Shielding Reporters
The New York Times reports that a deal on a federal shield law is near:
The Obama administration, leading Senate Democrats and a coalition of news organizations have reached tentative agreement on legislation providing greater protections against fine or imprisonment to reporters who refuse to identify confidential sources.
....Protection under the so-called shield law would also be extended to unpaid bloggers engaged in gathering and disseminating news.
....In civil cases, the litigants seeking to force reporters to testify would first have to exhaust all other means of obtaining the information. Even then, the judge would apply a “balancing test,” and the burden would be on the information seekers to show by a “preponderance of the evidence” why their need for the testimony outweighed the public’s interest in news gathering.

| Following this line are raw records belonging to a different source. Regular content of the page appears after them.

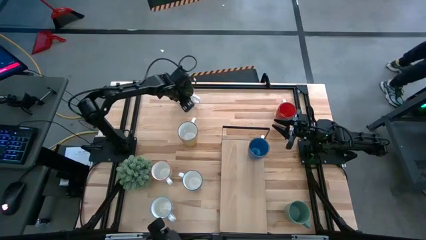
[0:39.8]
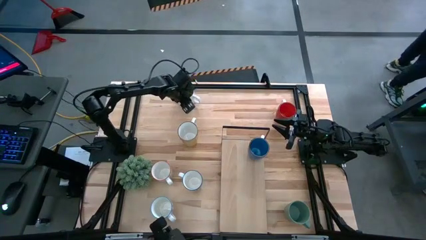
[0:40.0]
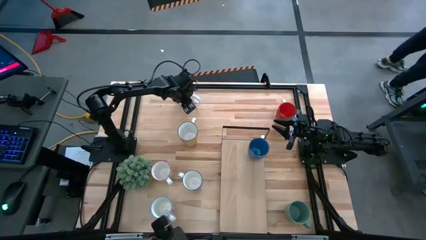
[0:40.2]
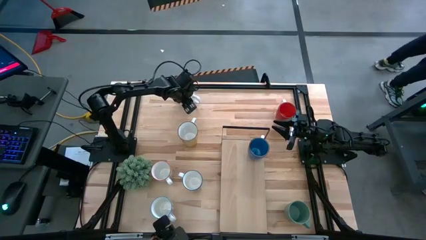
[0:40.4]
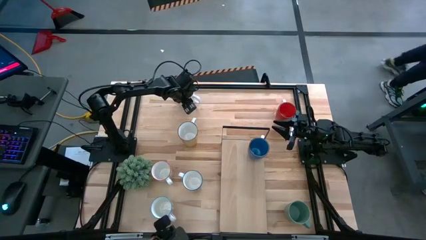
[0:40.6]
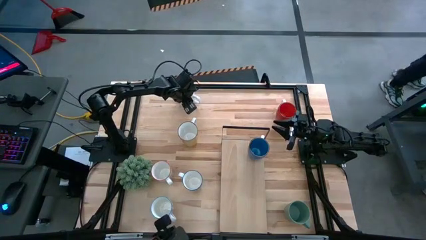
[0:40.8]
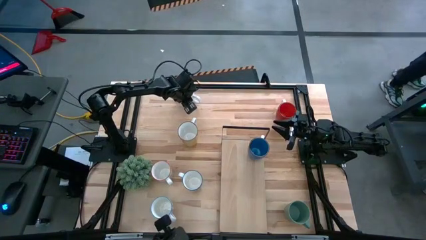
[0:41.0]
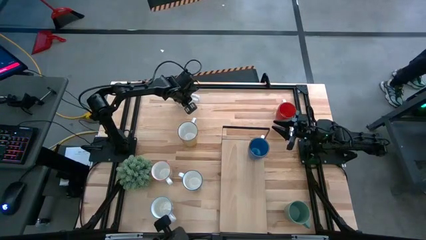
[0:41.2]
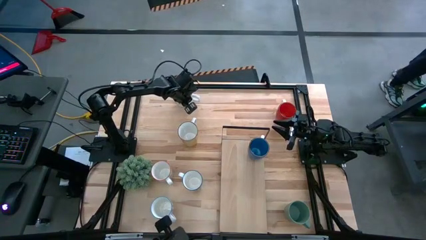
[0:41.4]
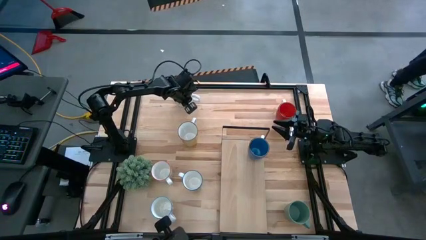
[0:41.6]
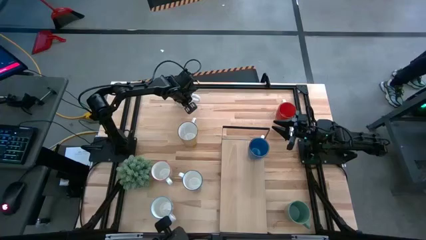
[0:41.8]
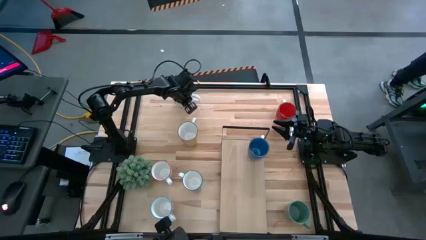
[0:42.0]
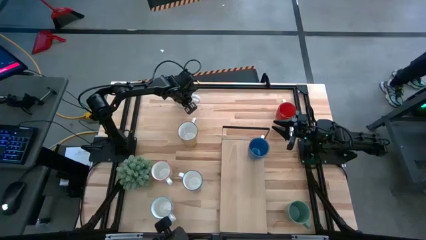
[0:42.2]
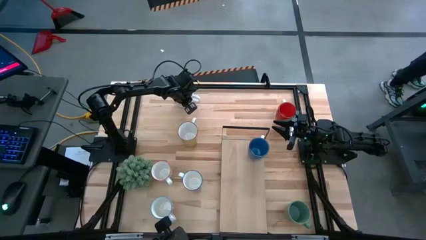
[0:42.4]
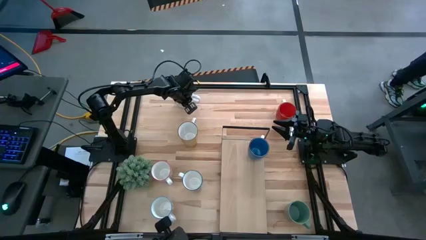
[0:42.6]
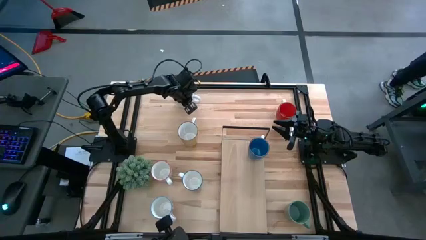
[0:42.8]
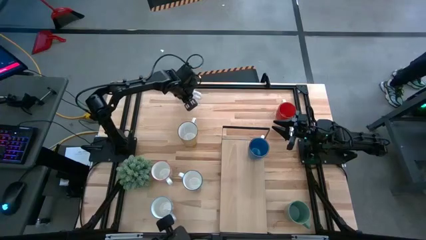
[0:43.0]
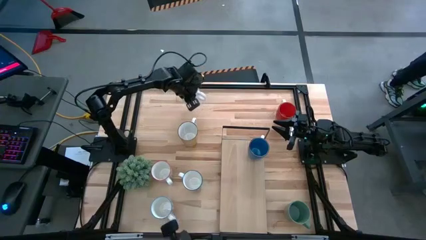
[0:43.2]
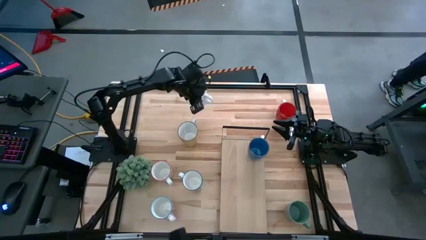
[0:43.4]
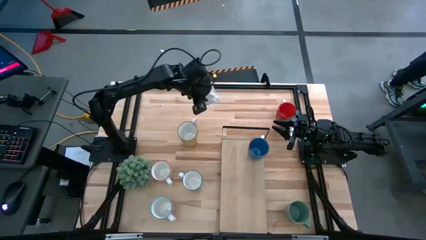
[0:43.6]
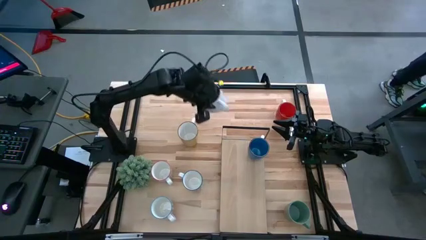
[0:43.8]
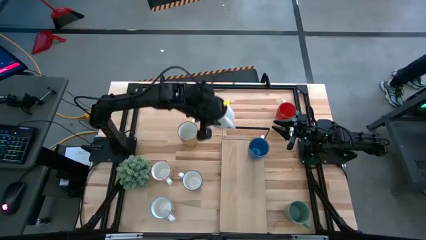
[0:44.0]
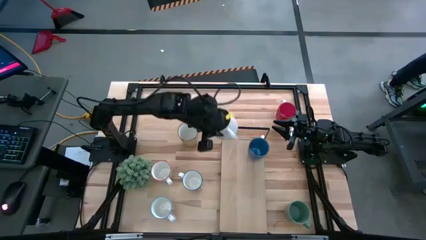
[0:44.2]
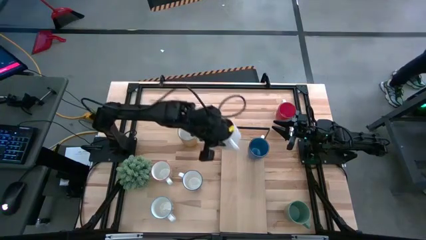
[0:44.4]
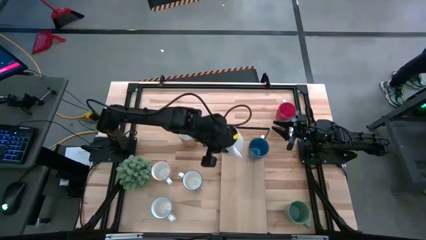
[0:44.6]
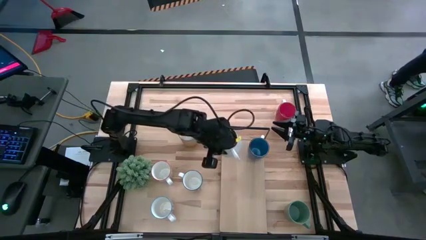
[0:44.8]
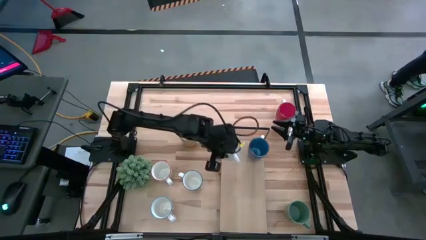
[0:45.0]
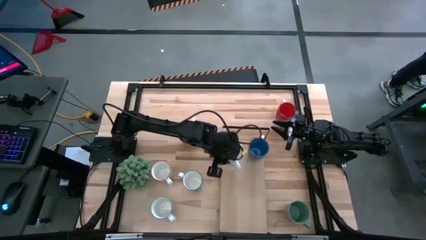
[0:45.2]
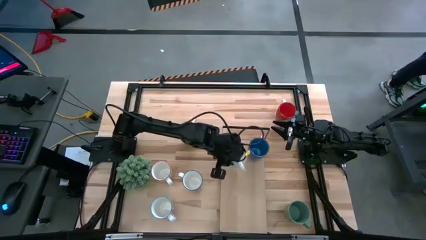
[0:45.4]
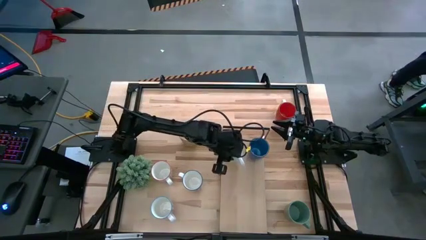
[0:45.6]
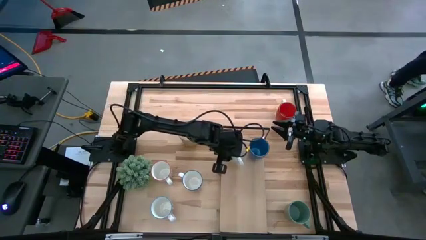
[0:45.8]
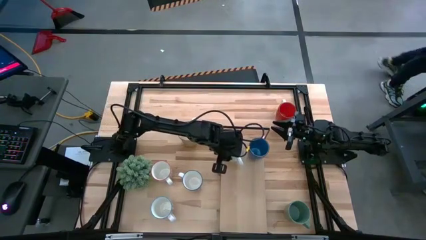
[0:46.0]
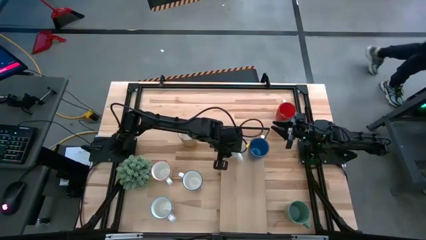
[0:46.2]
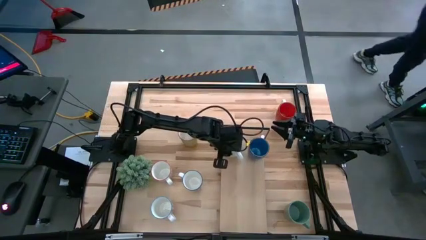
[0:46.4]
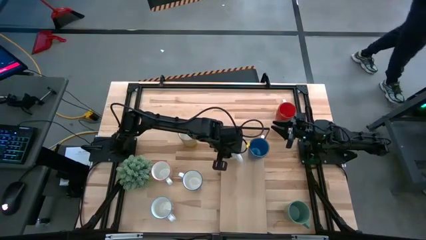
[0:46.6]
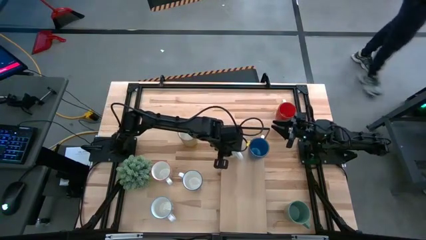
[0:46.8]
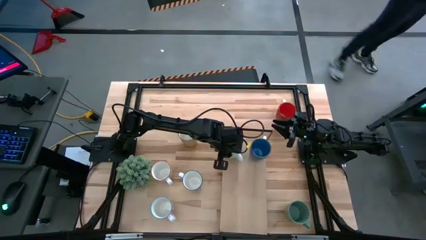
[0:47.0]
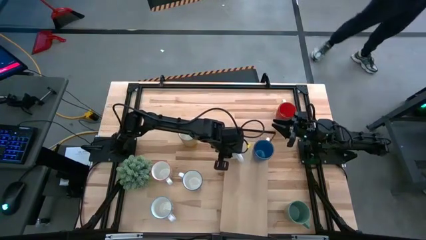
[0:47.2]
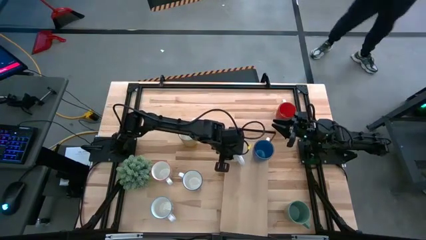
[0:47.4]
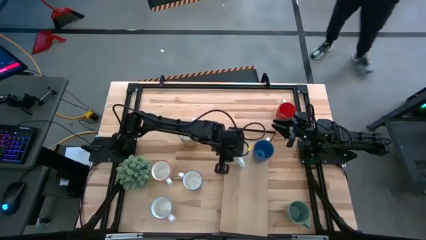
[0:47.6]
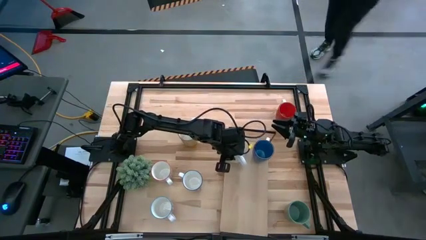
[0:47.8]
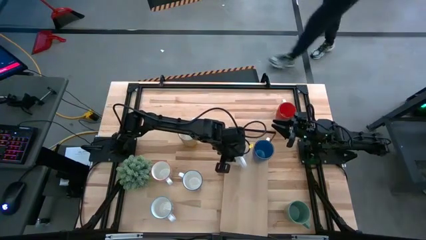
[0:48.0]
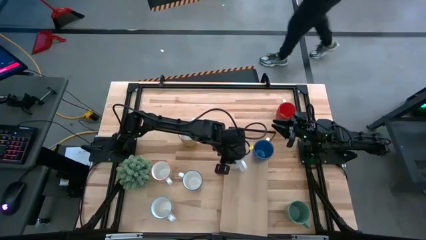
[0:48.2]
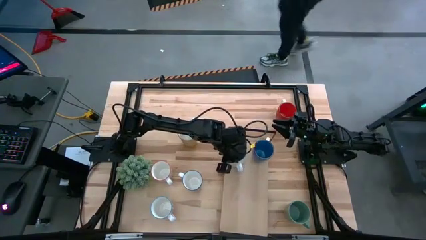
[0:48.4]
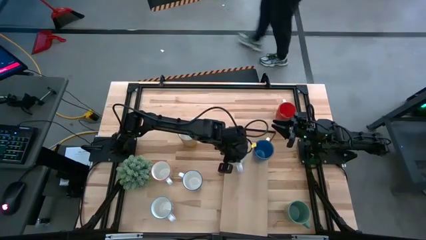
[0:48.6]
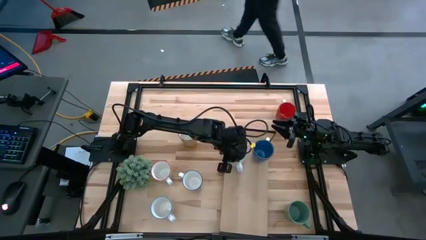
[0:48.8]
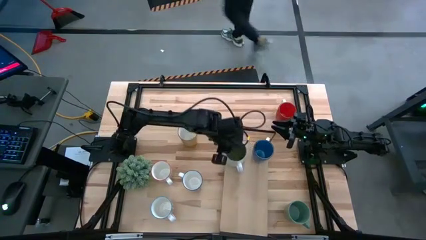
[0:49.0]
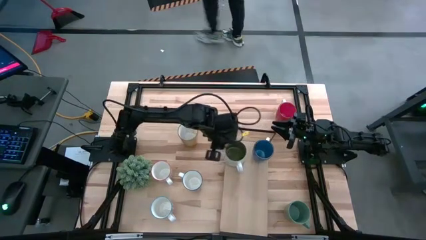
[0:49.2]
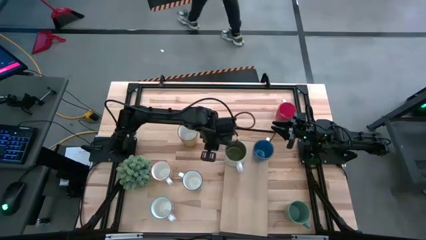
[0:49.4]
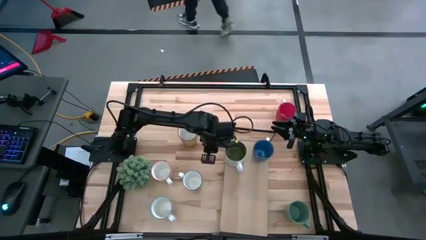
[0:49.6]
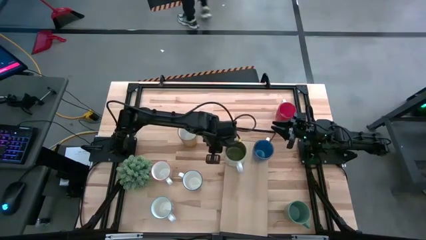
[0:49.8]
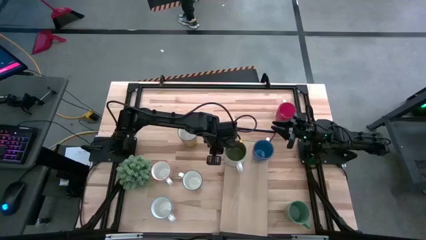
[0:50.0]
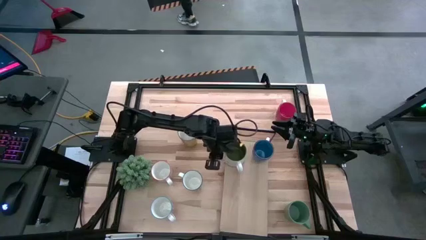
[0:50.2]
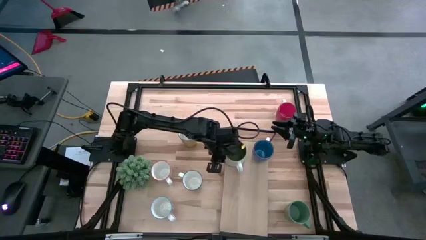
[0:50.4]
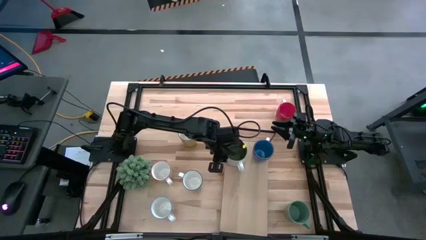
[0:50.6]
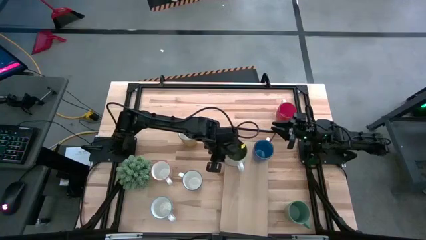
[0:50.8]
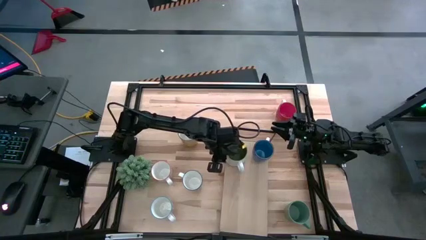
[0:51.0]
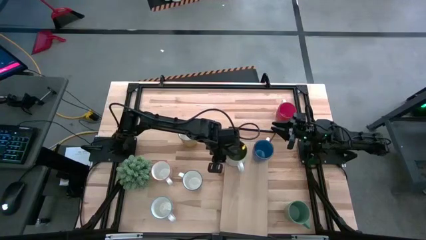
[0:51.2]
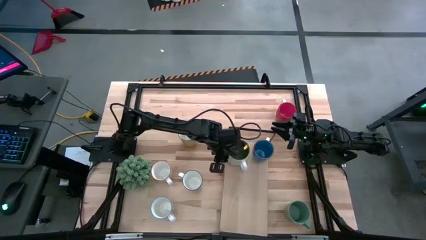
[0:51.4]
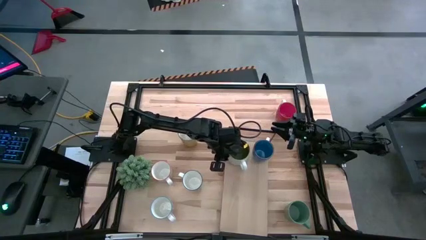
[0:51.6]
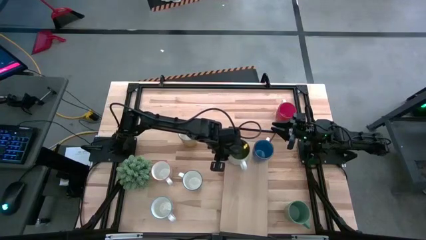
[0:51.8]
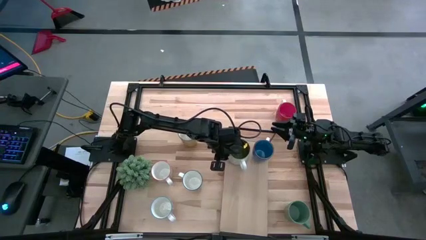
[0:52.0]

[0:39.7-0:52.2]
Task: Place coffee mugs
Put the white mug on the shelf

Ordinary criminal cases, as in prosecutors’ effort to find out who leaked grand jury information about professional athletes’ steroid use to The San Francisco Chronicle, would work the same way, except that the balancing test would be heavily tilted in favor of prosecutors....Most cases involving disclosure of classified information would work the same way as criminal cases.
This is....better than nothing, I suppose. But most of the high-profile trials of the past few years that involved confidential sources have been criminal cases, and it doesn't sound as if this compromise proposal provides very much real-world protection in these cases. But news organizations support it, so maybe it's better than it sounds. I'll be curious to hear some media lawyers weigh in on it.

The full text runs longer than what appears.